The present invention relates to a pilot operated flow regulating valve. Such valves are used to regulate the flow of a fluid by maintaining a constant differential pressure between the upstream and the downstream side of the valve seat. Typical applications of said valves are; the regulation of the flow of heated pressurized water passing a pressure loss generating heat exchanger, regulation of the flow of refrigerant through an expansion valve in a refrigerating cycle using carbon dioxide as s refrigerant, regulation of the fuel rate through a controllable fuel injection valve for direct injection in an internal combustion engine, etc., i.e. applications where the fluid at least temporarily undergoes a great pressure differential.
Due to the fact that such valves when directly actuated by a solenoid would need a huge solenoid in case of a differential pressure of about 50 to 100 times the atmospheric pressure or more, instead pilot operated regulating valves are used in which the pilot valve only needs a small solenoid and actuates the main valve member by fluid pressure. Conventionally, in such pilot operated flow regulating valves a pilot route extends between the downstream side of the valve seat and the pressure governing chamber. The main valve member is opened and closed from the downstream side assisted by a constant pressure differential control valve actuated by said solenoid. The passage at the upstream side of the valve seat and the pressure governing chamber communicate with another via a leak route of small cross-section. However, the pressure governing chamber via said leak route then holds high pressure in relation to the downstream pressure when the pilot route is closed during main valve closing. Due to the high pressure differential fluid will then flow from pressure governing chamber to the downstream side through the pilot route and its vicinities and a flow larger than a certain degree always occurs inconveniently.
Furthermore, in a pilot operated flow regulating valve as known the initial fluid pressure does not act to generate a closing force at the main valve member in a state where the main valve member has reached its fully closed state so that a relatively strong spring is necessary to retain said fully closed state. Then, in order to open the main valve member again, an operating differential pressure stronger than the force of the spring must be produced. Said operating differential pressure reduces the fluid pressure as controlled by the flow regulating valve, because the valve does not respond unless the initial fluid pressure is sufficiently high to compensate said pressure loss and to overcome the force of the spring. This is an apparent shortcoming, particularly when the initial pressure of the fluid at the upstream side is low. The entire operable pressure range is limited.
It is an object of the invention to provide a pilot operated flow regulating valve of the kind as disclosed eliminating the drawbacks of conventional valves, such that the pilot operated flow regulating valve has an improved operational performance, does not need undesirable high differential pressure for response and eliminates the danger of undesirable leakage flows in the closed state.
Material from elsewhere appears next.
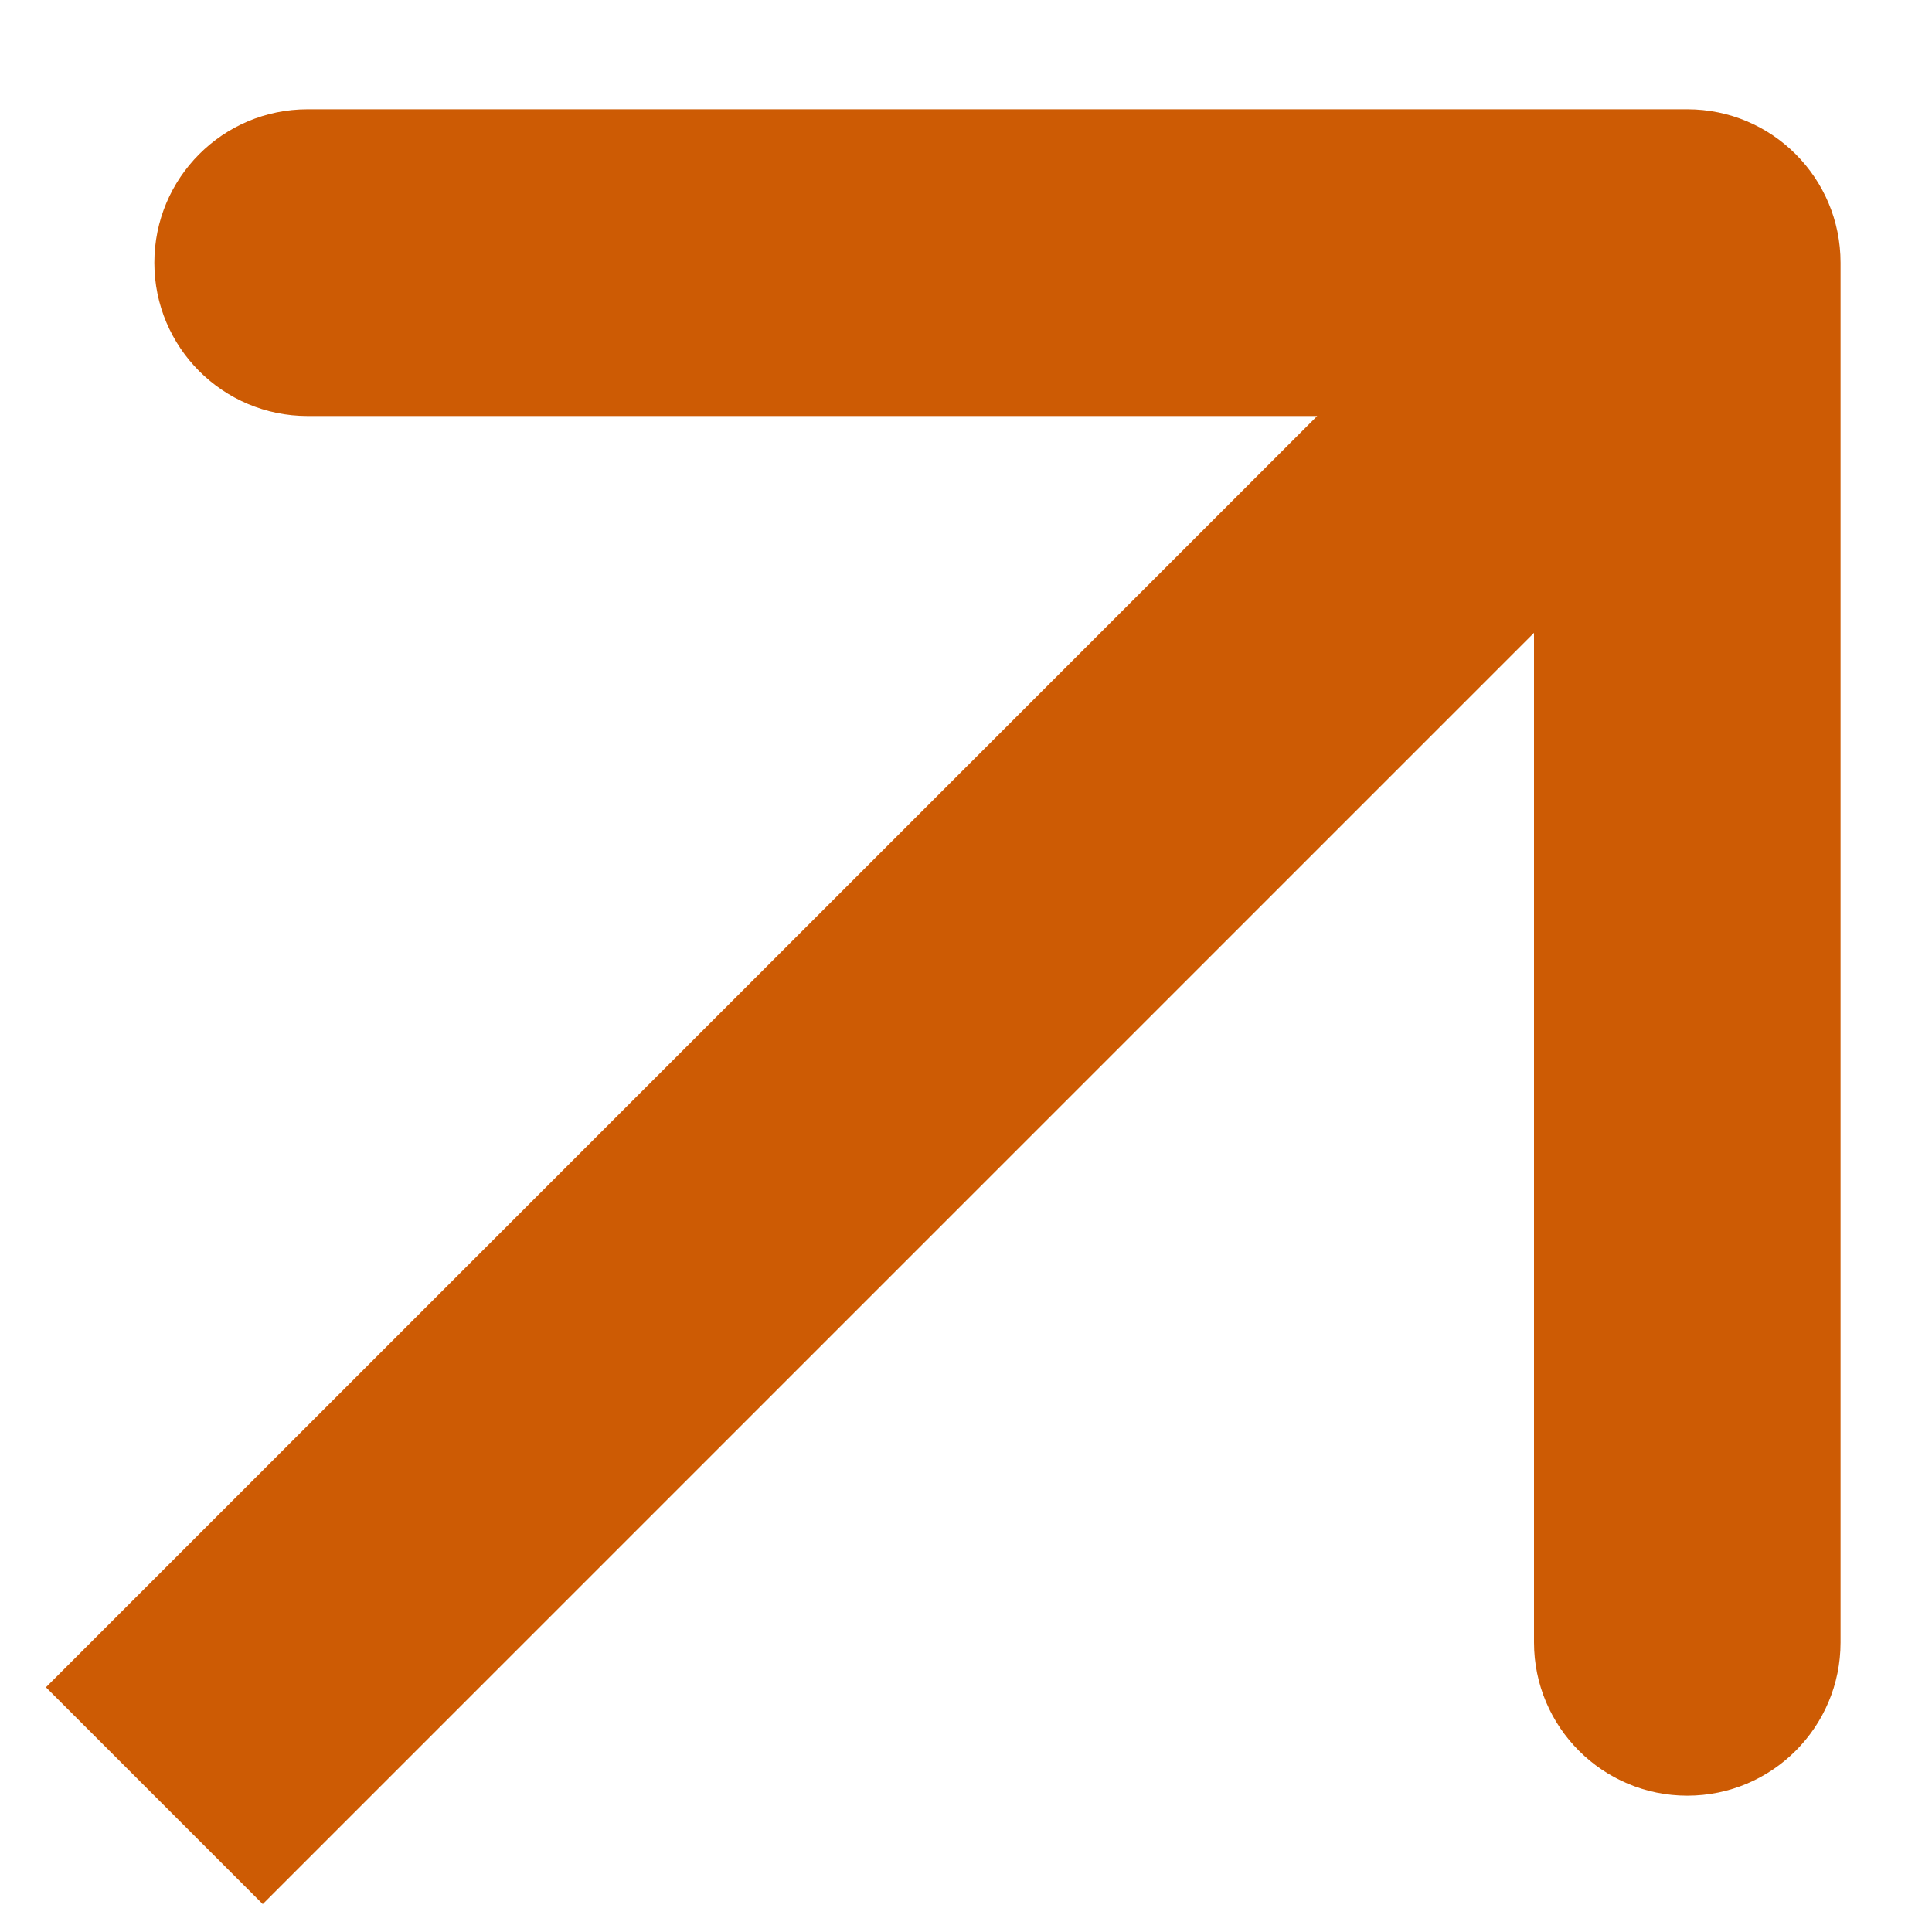 <svg width="9" height="9" viewBox="0 0 9 9" fill="none" xmlns="http://www.w3.org/2000/svg">
<path fill-rule="evenodd" clip-rule="evenodd" d="M1.433 0.509L7.86 0.509C8.255 0.509 8.574 0.829 8.574 1.224L8.574 7.651C8.574 8.045 8.255 8.365 7.86 8.365C7.466 8.365 7.146 8.045 7.146 7.651L7.146 2.948L1.224 8.87L0.214 7.86L6.136 1.938L1.433 1.938C1.038 1.938 0.719 1.618 0.719 1.224C0.719 0.829 1.038 0.509 1.433 0.509Z" fill="#CD5B04"/>
</svg>

It is a part of said object to create a pilot operated flow regulating valve capable of definitely stopping a flow of fluid to the downstream side when the pilot route is closed, even though the upstream fluid pressure is high. Furthermore, a pilot operated flow regulating valve is to be provided having a good pressure efficiency and does not cause undesirable pressure losses in the fluid.
Said objects can be achieved with the features as contained in claim 1, in claim 2 and in claim 8.
The respective actuation of the constant differential pressure control valve is necessary, either to open or close the main valve member or to adjust its relative position at the valve seat for the desired constant fluid flow. This operational performance is achieved without an undesirable pressure loss, because the leak route allows to relieve the pressure in the pressure governing chamber sufficiently to open the main valve member without a significant pressure loss. Furthermore, since the constant differential pressure control valve selectively also can be brought in a blocking position the pilot route will be reliably blocked avoiding any undesired leak flow from the high pressure side to the low pressure side even in case of extreme high inlet pressure.
In the valve according to claim 2 the flow through the valve seat can reliably be controlled by controlling the constant differential pressure valve. Since the inside of the pressure governing chamber can have a low pressure as also the passage at the downstream side, no leakage flow occurs from the pressure governing chamber to the downstream side even though the pressure in the passage at the upstream side may be extremely high. Since also the pilot route can be blocked totally any flow of fluid to the downstream side can be stopped definitely.
For the valve as disclosed in claim 8 the pressure loss inevitably created by the heat exchanger can be utilised to operate the flow regulating valve. This is carried out by connecting the pressure governing chamber via the leak route with one of the fluid pipelines at the upstream or downstream side of the heat exchanger, while the constant differential pressure control valve is situated between the respective other pipeline and the pressure governing chamber. There is no undesirable pressure loss necessary for operating the flow regulating valve. A very reliable operation performance can be obtained even in a case where the initial fluid pressure at the upstream side is low. The flow regulating valve shows a good pressure efficiency without creating significant fluid pressure losses.
Preferred embodiments are contained in the depending claims.